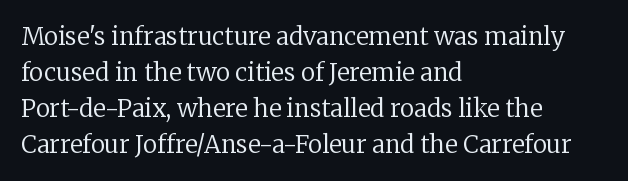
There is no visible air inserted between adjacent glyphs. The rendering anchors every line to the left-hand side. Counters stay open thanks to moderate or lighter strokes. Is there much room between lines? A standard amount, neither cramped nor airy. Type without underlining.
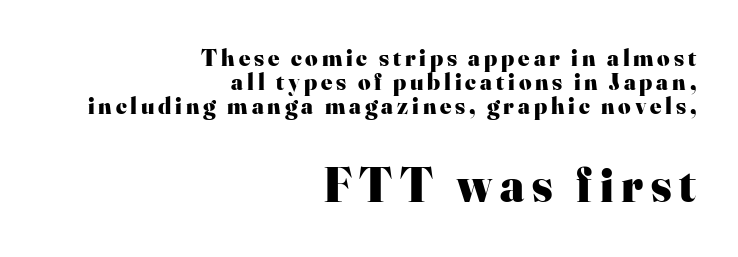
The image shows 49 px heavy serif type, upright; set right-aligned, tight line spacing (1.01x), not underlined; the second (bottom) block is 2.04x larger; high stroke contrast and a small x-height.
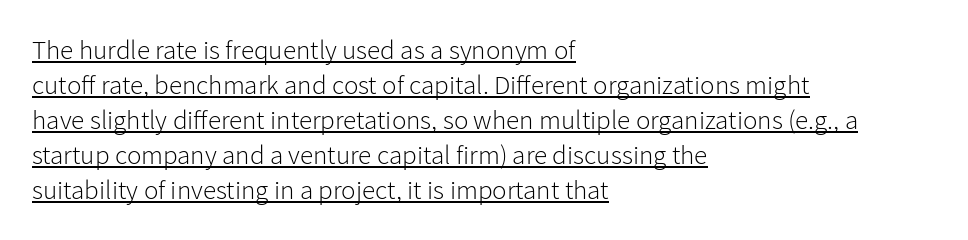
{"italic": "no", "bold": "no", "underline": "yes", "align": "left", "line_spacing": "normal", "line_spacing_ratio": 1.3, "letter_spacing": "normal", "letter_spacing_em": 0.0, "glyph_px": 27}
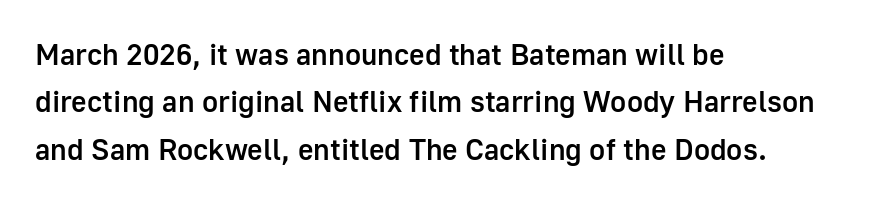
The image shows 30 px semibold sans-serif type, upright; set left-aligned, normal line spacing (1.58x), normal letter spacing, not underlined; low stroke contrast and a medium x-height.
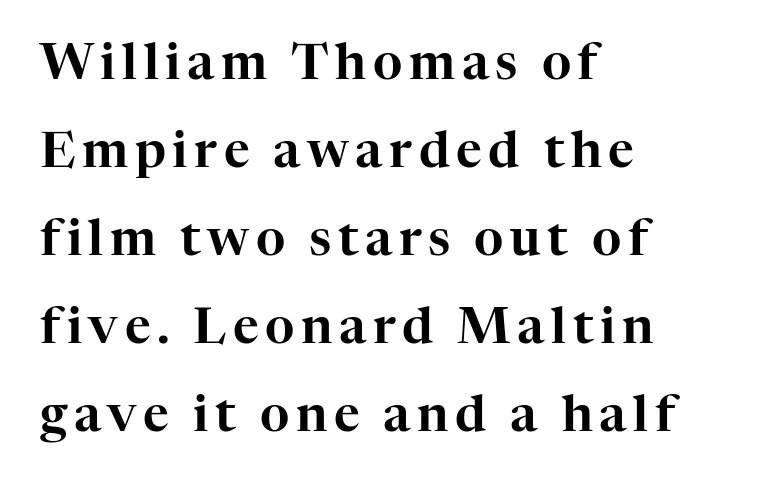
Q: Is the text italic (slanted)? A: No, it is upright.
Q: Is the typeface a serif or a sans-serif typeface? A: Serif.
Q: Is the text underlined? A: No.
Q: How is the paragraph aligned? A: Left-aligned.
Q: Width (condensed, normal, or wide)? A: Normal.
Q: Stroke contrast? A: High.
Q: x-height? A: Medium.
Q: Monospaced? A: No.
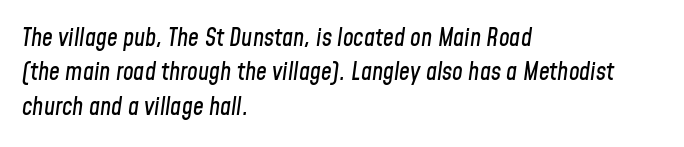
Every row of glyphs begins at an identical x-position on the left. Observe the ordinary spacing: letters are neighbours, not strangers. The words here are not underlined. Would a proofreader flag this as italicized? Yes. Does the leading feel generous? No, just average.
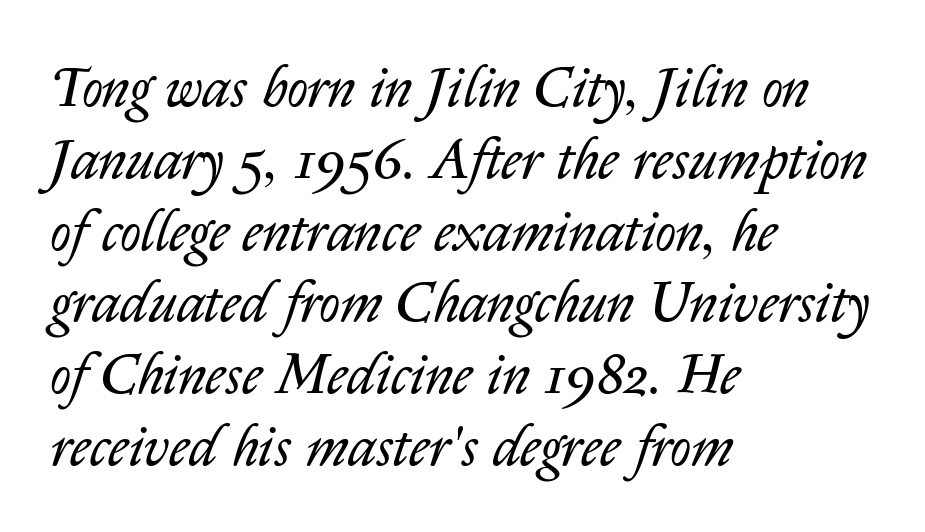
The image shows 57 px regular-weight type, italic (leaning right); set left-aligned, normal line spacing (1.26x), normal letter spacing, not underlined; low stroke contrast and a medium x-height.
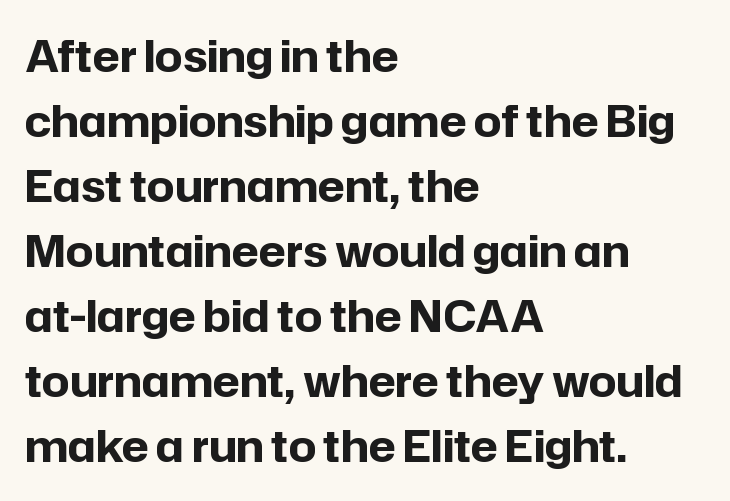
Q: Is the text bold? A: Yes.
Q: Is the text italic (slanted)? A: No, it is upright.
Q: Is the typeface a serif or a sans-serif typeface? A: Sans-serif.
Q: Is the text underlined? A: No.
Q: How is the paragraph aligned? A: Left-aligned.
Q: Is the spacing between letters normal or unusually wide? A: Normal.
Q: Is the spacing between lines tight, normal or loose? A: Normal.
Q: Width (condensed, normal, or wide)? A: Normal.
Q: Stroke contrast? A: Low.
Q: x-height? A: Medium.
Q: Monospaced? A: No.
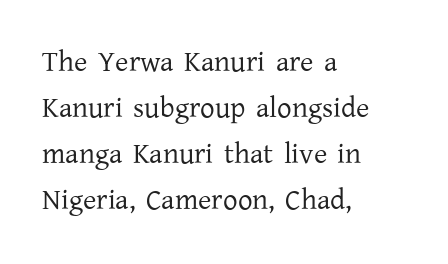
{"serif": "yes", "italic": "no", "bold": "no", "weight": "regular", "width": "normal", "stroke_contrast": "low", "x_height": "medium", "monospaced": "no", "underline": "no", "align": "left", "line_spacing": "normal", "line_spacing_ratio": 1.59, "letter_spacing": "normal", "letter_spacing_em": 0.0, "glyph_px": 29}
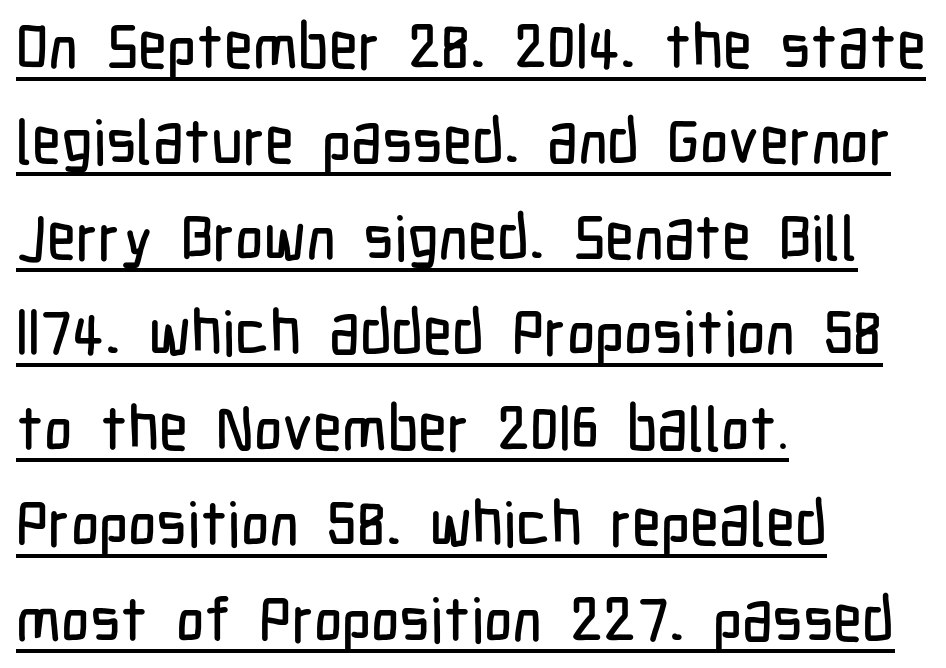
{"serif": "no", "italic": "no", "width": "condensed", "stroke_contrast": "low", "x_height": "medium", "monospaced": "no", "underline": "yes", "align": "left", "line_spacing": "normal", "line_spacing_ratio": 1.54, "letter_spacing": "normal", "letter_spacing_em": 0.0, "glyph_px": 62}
• • • •
> _EXERCISE INSTRUCTIONS_
An exact retyping of the entries, without images, is the required answer.

> _EXERCISE RESPONSE_
There is no visible air inserted between adjacent glyphs. The rendering anchors every line to the left-hand side. Counters stay open thanks to moderate or lighter strokes. Is there much room between lines? A standard amount, neither cramped nor airy. Type without underlining.
The image shows 49 px heavy serif type, upright; set right-aligned, tight line spacing (1.01x), not underlined; the second (bottom) block is 2.04x larger; high stroke contrast and a small x-height.
{"italic": "no", "bold": "no", "underline": "yes", "align": "left", "line_spacing": "normal", "line_spacing_ratio": 1.3, "letter_spacing": "normal", "letter_spacing_em": 0.0, "glyph_px": 27}
The image shows 30 px semibold sans-serif type, upright; set left-aligned, normal line spacing (1.58x), normal letter spacing, not underlined; low stroke contrast and a medium x-height.
Q: Is the text italic (slanted)? A: No, it is upright.
Q: Is the typeface a serif or a sans-serif typeface? A: Serif.
Q: Is the text underlined? A: No.
Q: How is the paragraph aligned? A: Left-aligned.
Q: Width (condensed, normal, or wide)? A: Normal.
Q: Stroke contrast? A: High.
Q: x-height? A: Medium.
Q: Monospaced? A: No.
Every row of glyphs begins at an identical x-position on the left. Observe the ordinary spacing: letters are neighbours, not strangers. The words here are not underlined. Would a proofreader flag this as italicized? Yes. Does the leading feel generous? No, just average.
The image shows 57 px regular-weight type, italic (leaning right); set left-aligned, normal line spacing (1.26x), normal letter spacing, not underlined; low stroke contrast and a medium x-height.
Q: Is the text bold? A: Yes.
Q: Is the text italic (slanted)? A: No, it is upright.
Q: Is the typeface a serif or a sans-serif typeface? A: Sans-serif.
Q: Is the text underlined? A: No.
Q: How is the paragraph aligned? A: Left-aligned.
Q: Is the spacing between letters normal or unusually wide? A: Normal.
Q: Is the spacing between lines tight, normal or loose? A: Normal.
Q: Width (condensed, normal, or wide)? A: Normal.
Q: Stroke contrast? A: Low.
Q: x-height? A: Medium.
Q: Monospaced? A: No.
{"serif": "yes", "italic": "no", "bold": "no", "weight": "regular", "width": "normal", "stroke_contrast": "low", "x_height": "medium", "monospaced": "no", "underline": "no", "align": "left", "line_spacing": "normal", "line_spacing_ratio": 1.59, "letter_spacing": "normal", "letter_spacing_em": 0.0, "glyph_px": 29}
{"serif": "no", "italic": "no", "width": "condensed", "stroke_contrast": "low", "x_height": "medium", "monospaced": "no", "underline": "yes", "align": "left", "line_spacing": "normal", "line_spacing_ratio": 1.54, "letter_spacing": "normal", "letter_spacing_em": 0.0, "glyph_px": 62}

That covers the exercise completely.